TASK INSTRUCTIONS | Which lines run from the one containing "tree height: > 5 m" to the end of the entries? Copy them exactly, both ends included, and give nothing else.

Data entries
──────

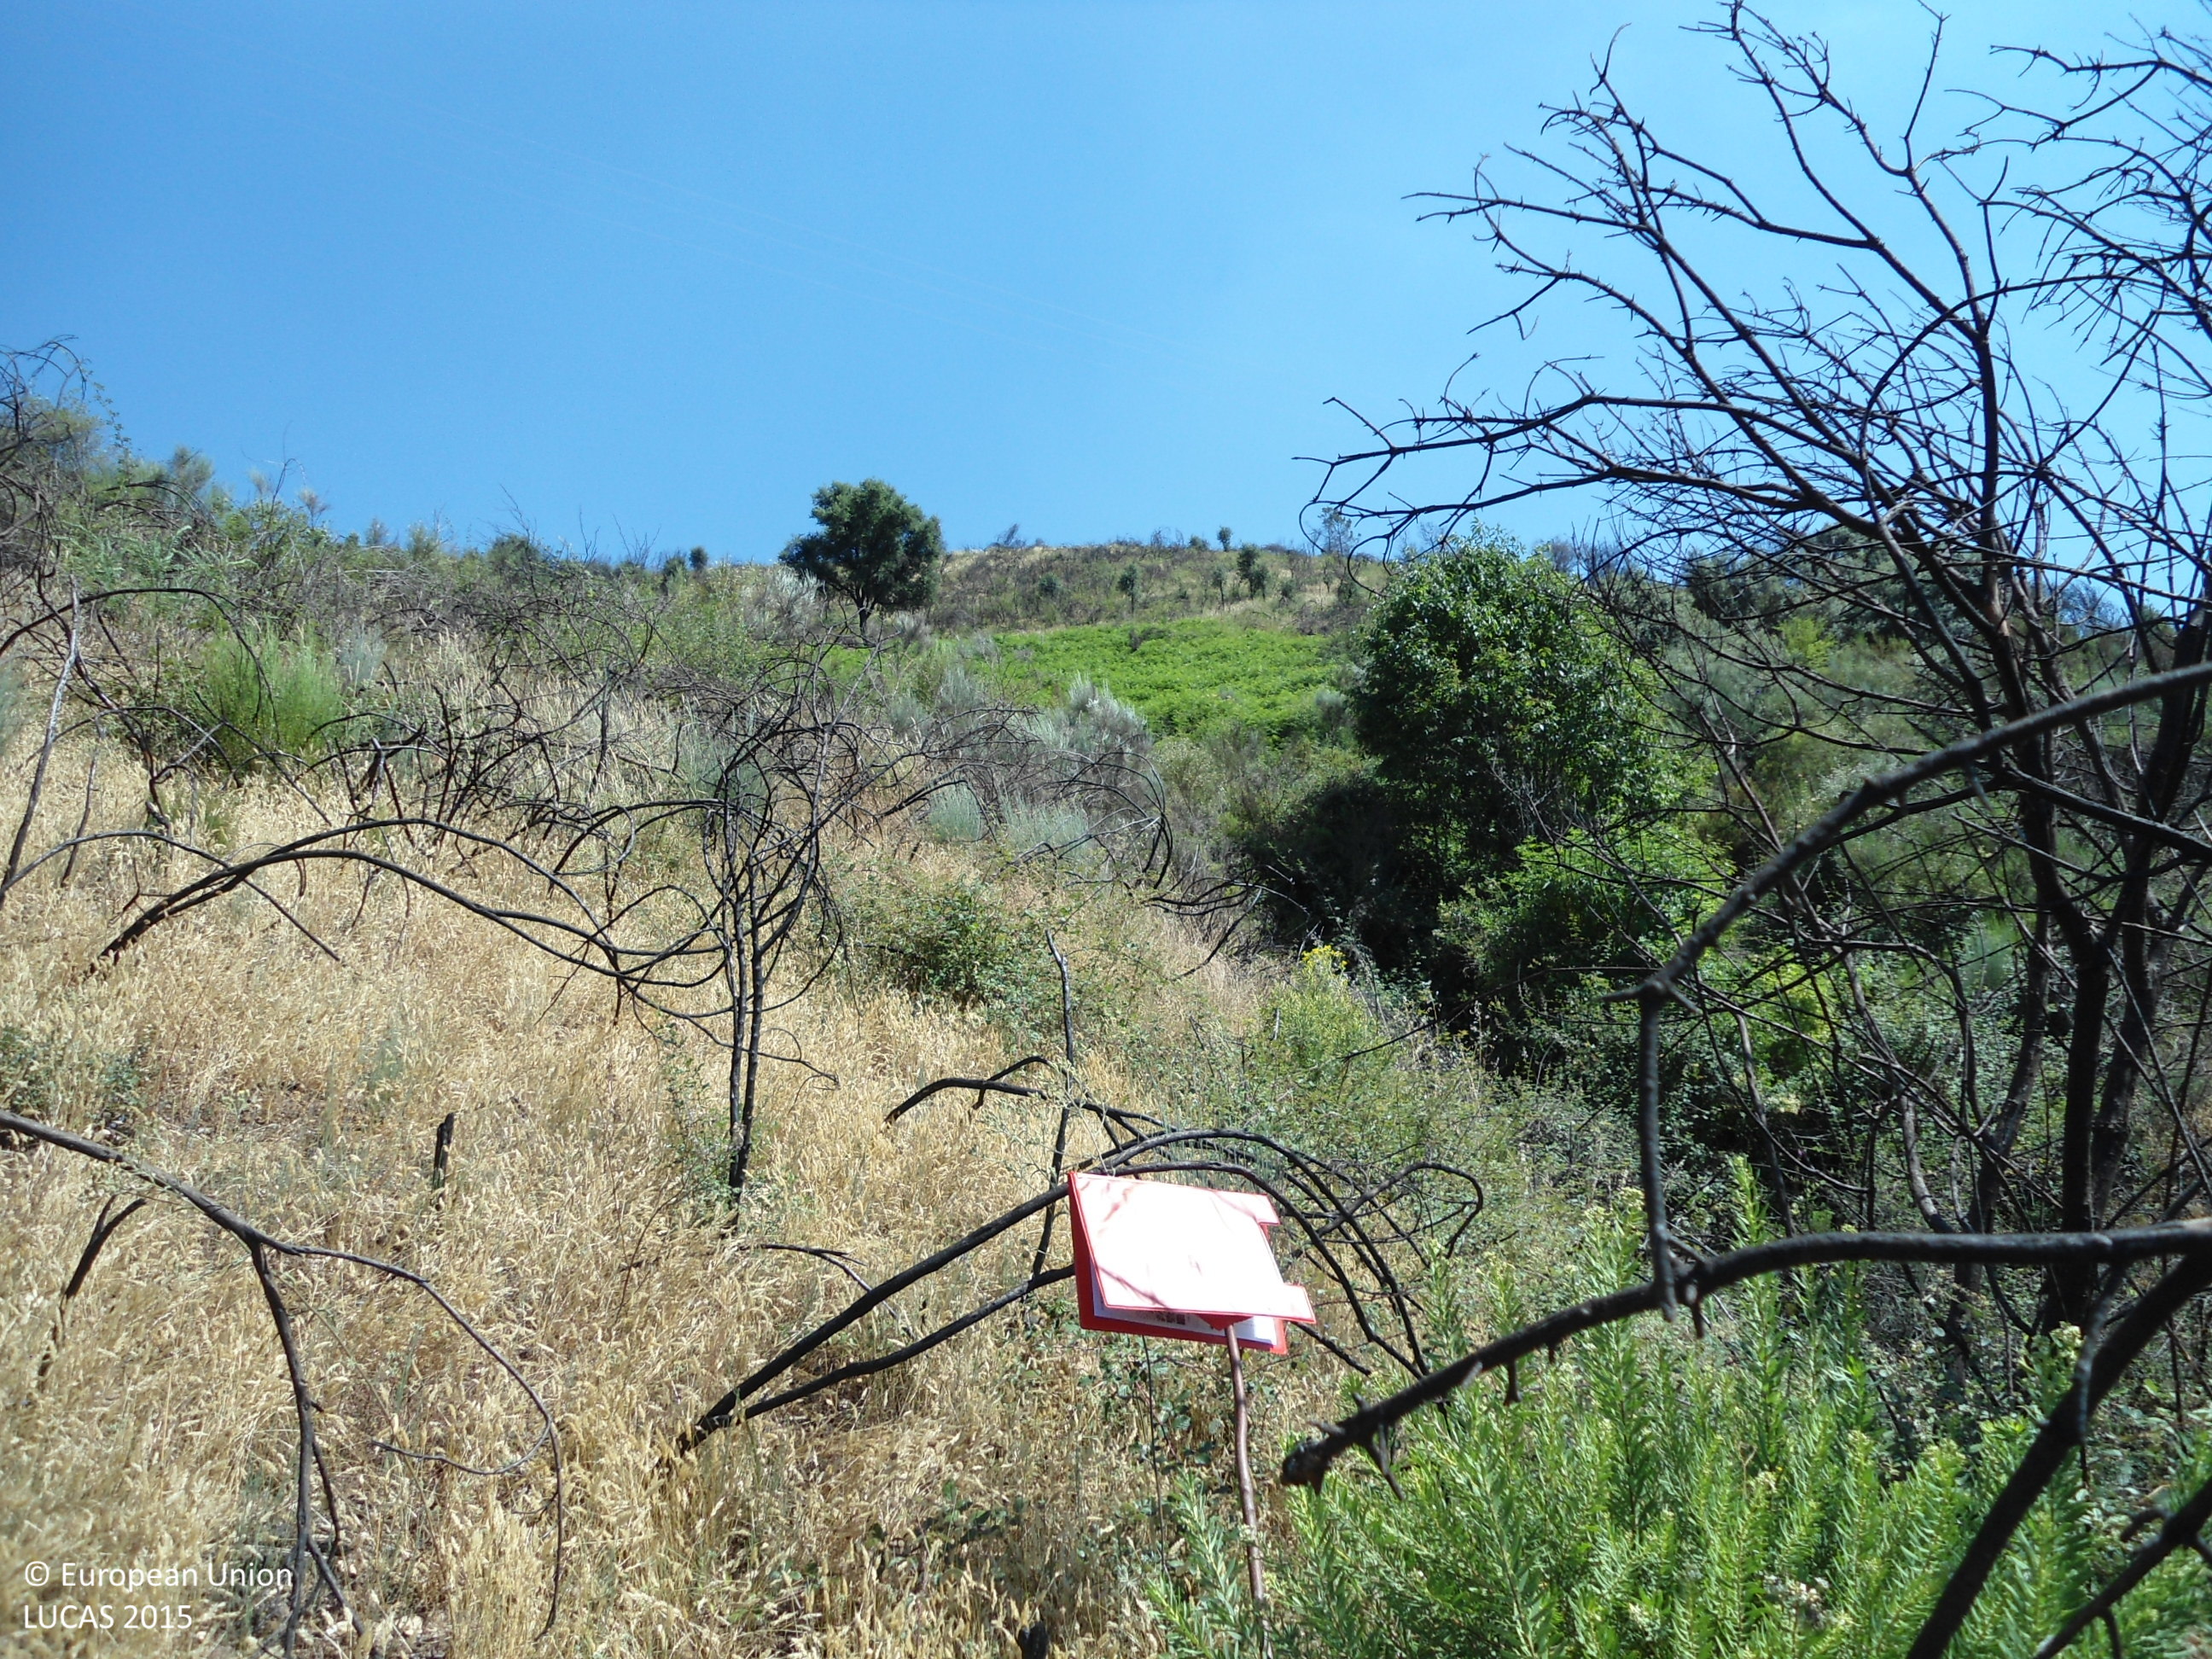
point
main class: Shrubland
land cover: Shrubland with sparse tree cover
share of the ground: 50 - 75 %
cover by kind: shrubs 60 %, herbaceous plants 35 %, broadleaved forest trees 5 %
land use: Semi-natural and natural areas not in use
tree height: > 5 m
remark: Burnt area
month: June
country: ES
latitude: 42.4562
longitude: -6.8944

──────

TASK SOLUTION |
tree height: > 5 m
remark: Burnt area
month: June
country: ES
latitude: 42.4562
longitude: -6.8944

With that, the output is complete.